With the pictures removed, reproduce exactly the lines from the one that contains "VTC14 | Bão" through the last line of the entries below.

DATA SUPPLIED START

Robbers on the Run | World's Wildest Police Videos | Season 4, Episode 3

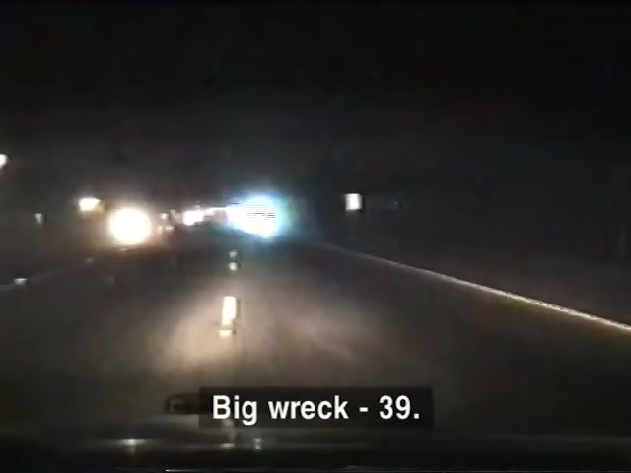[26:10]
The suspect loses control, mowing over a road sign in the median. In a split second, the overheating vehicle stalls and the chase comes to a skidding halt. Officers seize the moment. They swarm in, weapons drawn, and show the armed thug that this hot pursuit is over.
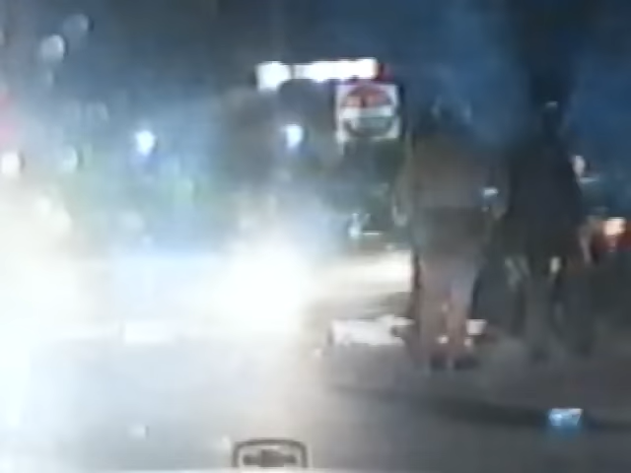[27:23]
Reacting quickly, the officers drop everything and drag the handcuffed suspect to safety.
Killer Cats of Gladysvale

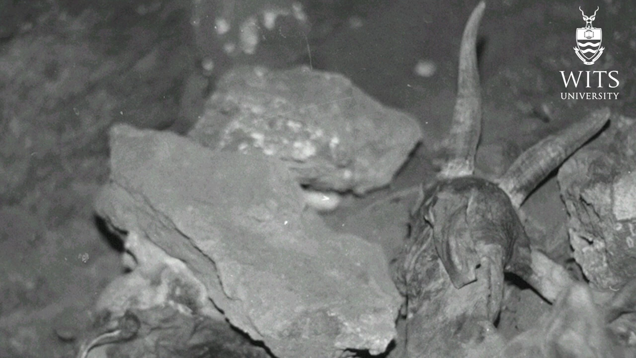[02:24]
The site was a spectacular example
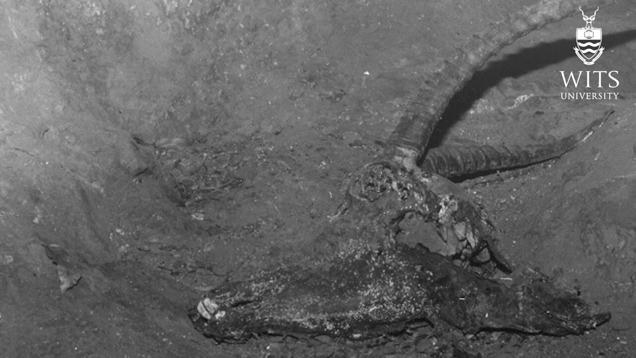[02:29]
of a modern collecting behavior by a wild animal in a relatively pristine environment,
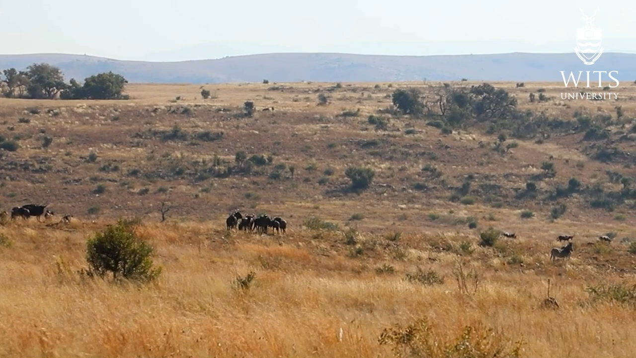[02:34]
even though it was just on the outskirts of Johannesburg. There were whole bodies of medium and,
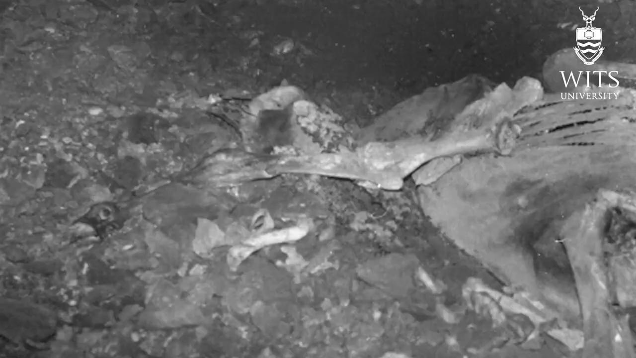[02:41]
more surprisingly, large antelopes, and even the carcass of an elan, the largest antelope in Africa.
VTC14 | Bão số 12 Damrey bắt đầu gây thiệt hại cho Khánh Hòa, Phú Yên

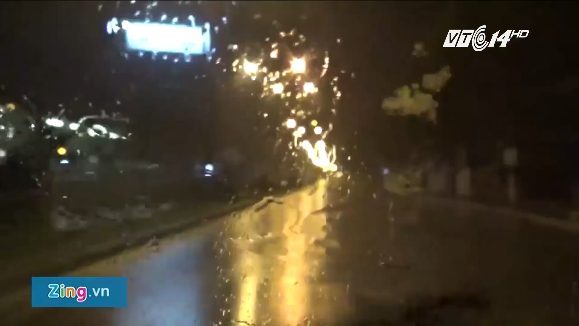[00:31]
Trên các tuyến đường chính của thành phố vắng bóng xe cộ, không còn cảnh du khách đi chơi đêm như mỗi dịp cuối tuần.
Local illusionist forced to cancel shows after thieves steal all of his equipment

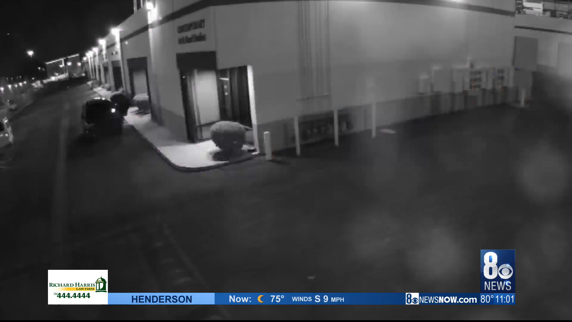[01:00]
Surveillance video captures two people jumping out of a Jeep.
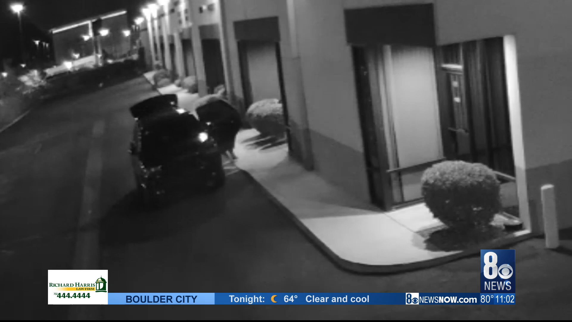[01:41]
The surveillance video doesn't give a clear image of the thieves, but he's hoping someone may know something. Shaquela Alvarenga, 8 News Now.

DATA SUPPLIED END

WRITTEN SOLUTION
VTC14 | Bão số 12 Damrey bắt đầu gây thiệt hại cho Khánh Hòa, Phú Yên

[00:31]
Trên các tuyến đường chính của thành phố vắng bóng xe cộ, không còn cảnh du khách đi chơi đêm như mỗi dịp cuối tuần.
Local illusionist forced to cancel shows after thieves steal all of his equipment

[01:00]
Surveillance video captures two people jumping out of a Jeep.
[01:41]
The surveillance video doesn't give a clear image of the thieves, but he's hoping someone may know something. Shaquela Alvarenga, 8 News Now.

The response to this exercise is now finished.